DR. NEWMAN: …it doesn’t have to be a radical, all of a sudden transformation into a new life. It’s actually a very gradual process of recognizing, “you know, I need to pay attention to that particular failing a little bit more, and move in a little different direction.”

MS. TIPPETT: So, what’s the connection again that is linguistic and metaphorical with the creative force of the universe? Was it that repentance was there before the creation?

DR. NEWMAN: Right.

MS. TIPPETT: Right? Somehow…

DR. NEWMAN: Yeah.

MS. TIPPETT: …that repentance preceded the creation of the world.

DR. NEWMAN: Right, right.

MS. TIPPETT: Is that something Talmudic?

DR. NEWMAN: It is Talmudic.

MS. TIPPETT: Yeah.

DR. NEWMAN: And it’s actually one of the most startling and puzzling of the things that the rabbis say — the ancient rabbis say about repentance. Of all the things that the rabbis list that were created before the world, why is repentance one of them?

MS. TIPPETT: Yeah.

DR. NEWMAN: And many interpreters in later eras have explored that theme. Rabbi Adin Steinsaltz, who is most noted an Israeli scholar for his work on the Talmud, actually — but who’s also a very, very profound philosopher — wrote a wonderful essay in which he explored this idea that when we do something wrong, what’s done is done. We cannot literally go back in time and undo what we did. It’s impossible, right? We only move forward, in one direction in time, right?

MS. TIPPETT: Yeah. Yeah.

DR. NEWMAN: So, we can’t actually go back and undo the wrong we did, and yet, repentance is precisely that process by which we can, as it were, morally, in the moral realm — if not in the physical realm, we can undo what we did, because we can go back to the deed, we can examine ourselves, we can make amends for it, we can apologize for it, we can find that part of ourselves that led to doing the transgression, and search inside ourselves and reform ourselves.

And to that extent, it’s as if repentance allows us to breach the laws of causality in a funny way. It has to be created before the physical world because once you’re in the physical world, the laws of causality and the laws of…

MS. TIPPETT: Oh, I see.

DR. NEWMAN: …time marching forward are set.

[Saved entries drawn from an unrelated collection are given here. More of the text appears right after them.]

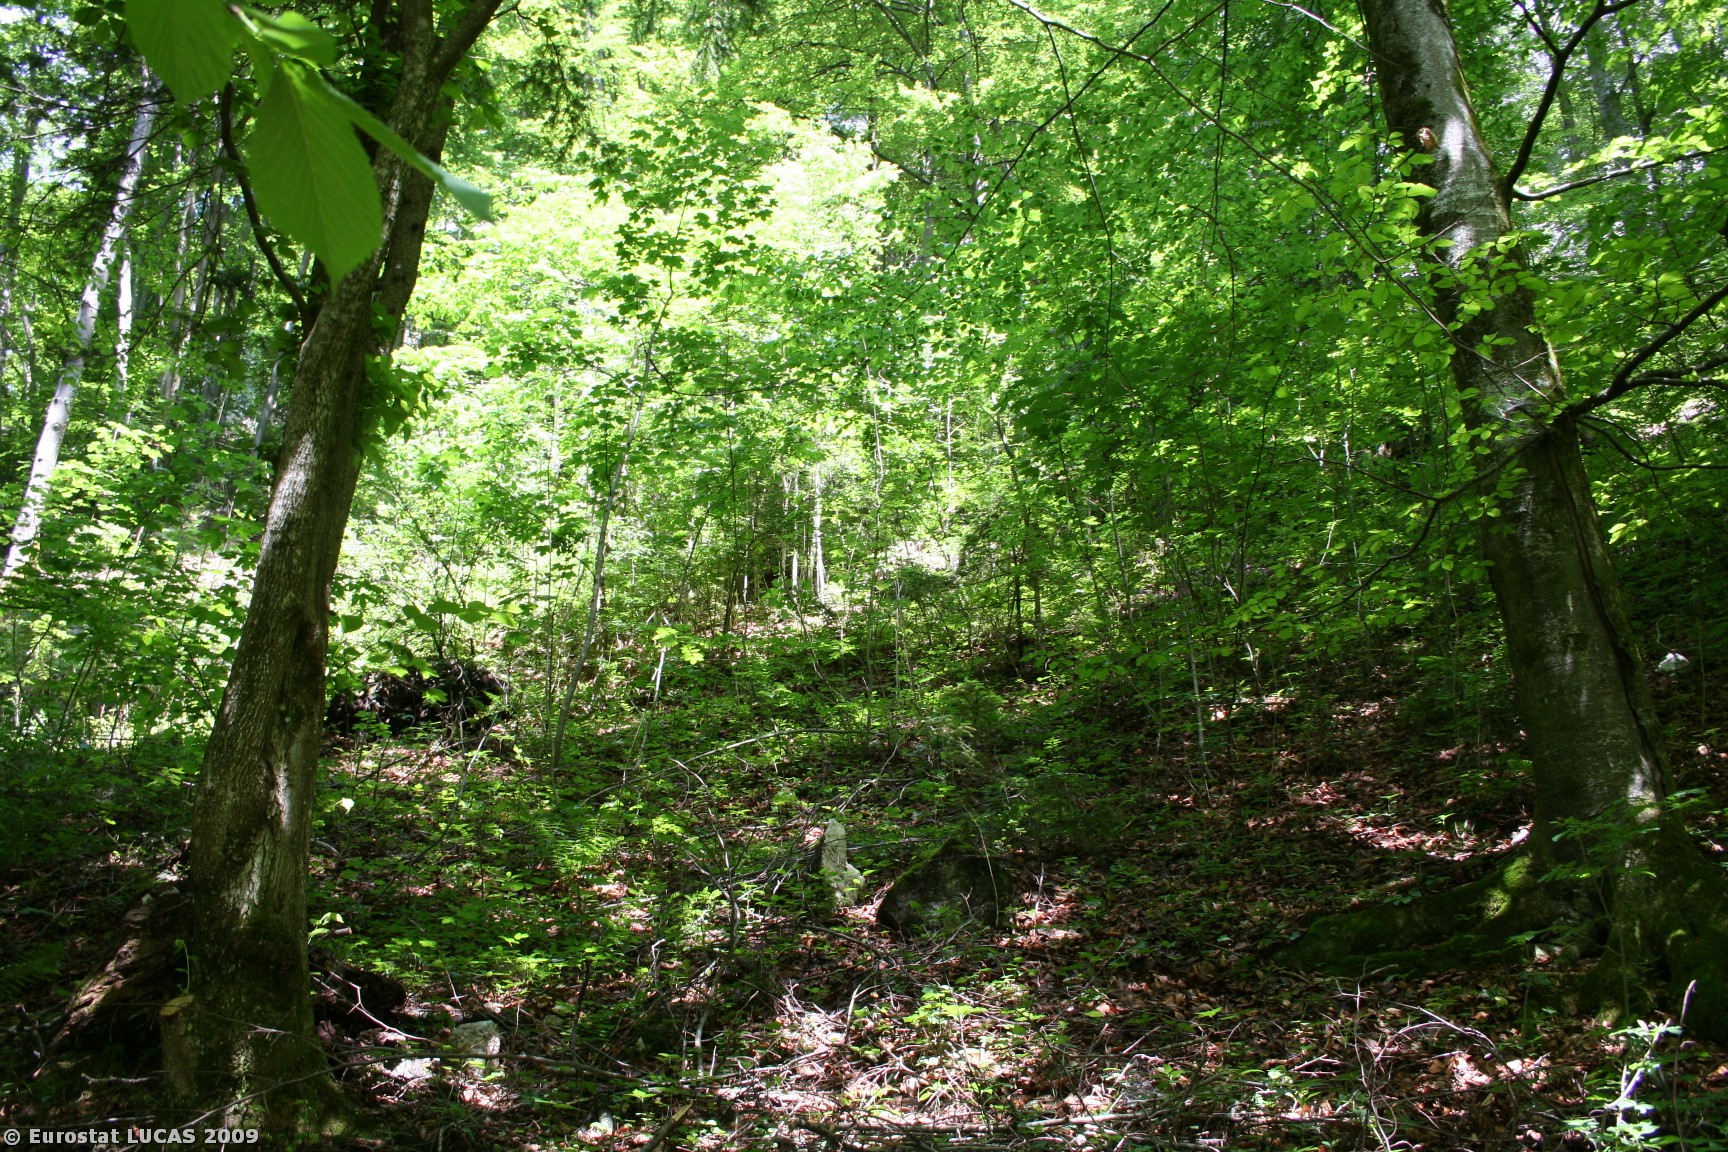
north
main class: Woodland
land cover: Mixed woodland
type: hemiboreal forest and nemoral coniferous forest and mixed broadleaved-coniferous forest
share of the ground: > 75 %
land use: Forestry
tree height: > 5 m
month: May
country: AT
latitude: 47.6007
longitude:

I find that inspiring to think that actually there’s a way in which we are not chained to our past. We are not in bondage to even our most grievous mistakes. We can always find ways of repenting for them.

MS. TIPPETT: There’s something also, I think, that gets at a really core point in your thinking about this that, again, we’re talking about repentance as different from talking about moral obligation or moral condemnation, or moral reckoning, in the way we sometimes talk about sin. But that it is in fact about gaining freedom, gaining moral freedom, as you said. In fact, to create beyond whatever was damaged or flawed or harmful.

DR. NEWMAN: Right. It’s really interesting. It’s a really interesting idea, and one of the things that I came to realize is that in a certain sense when we don’t own our transgressions, when we run from them, which is, after all, the most natural thing to do. “I did something wrong, I cheated someone, I told a lie about something, I took credit for something I shouldn’t have” — whatever it was, however small or large, our immediate instinct, often, is to run away from it. Or to hide it. Or to lie about what we did wrong so that nobody will find out about it or something of that nature.

MS. TIPPETT: Yeah.

DR. NEWMAN: And in doing that, we essentially — we’re in bondage to the thing that we’ve done. We’re…

MS. TIPPETT: Right.

DR. NEWMAN: …we have now essentially let it dictate our next move and the move after that. To do repentance is to be free of that. And ironically, or maybe paradoxically really, it’s when we own — it’s when we run toward our transgressions, rather than away from them, that we actually become free of them. That we actually then can…

MS. TIPPETT: Right.

DR. NEWMAN: …by owning them and then claiming them and then distancing ourselves from what we have really taken full credit for — only then are we really free of it.

MS. TIPPETT: And you are in recovery.

DR. NEWMAN: I am. I joined a recovery group 14 years ago, and I’ve been going regularly ever since. And it’s a profound experience in a lot of ways, partly because it’s in the context of a very safe space of other people, who are coming to terms with their own failings and their own addictions of various kinds…

MS. TIPPETT: Yeah.

DR. NEWMAN: …that you actually have the freedom to say, “I did this. I drank to excess. I did these other things and lied about them. I did all of these things that I’m ashamed of.” And say that out loud, and know that the circle in which you’re sitting is a circle of people who will accept you and support you in your desire to own those things, and repent for them, and become a different kind of person.

MS. TIPPETT: Mm-hmm.

DR. NEWMAN: And in that sense, I think the process of repentance as Judaism describes it is really quite close. The steps might have been in a slightly different order had…

MS. TIPPETT: Right.

DR. NEWMAN: …a Jewish person written them, but…

MS. TIPPETT: Yeah.

DR. NEWMAN: …but that’s a sort of a technicality, really. In fact, the 12-step program really is a program of repentance. It’s a program of spiritual development and moral accountability.

MS. TIPPETT: And you used the language of soul-reckoning as part of your understanding of repentance. So I’d like you to talk about that, but also just how, as you said, the 12 steps might have been in a different order and they might have been phrased somewhat differently if they were written by a rabbi.

DR. NEWMAN: Mm-hmm.

MS. TIPPETT: But I’m also curious about how the language and the intelligence in the 12 steps has kind of flowed into your theology, your understanding — how that has nuanced and deepened, perhaps, your understanding of the nature of repentance and the kind of stages of repentance.

DR. NEWMAN: That’s interesting. The first step that someone gives in a 12-step group is often a step in which you recount the story of your own addiction and some of the things that you did — whether that’s drug abuse, or other kinds of addictive behaviors. And the ways in which it dragged you down and distorted your relationships, and distorted your sense of self, and filled you with a sense of guilt and shame.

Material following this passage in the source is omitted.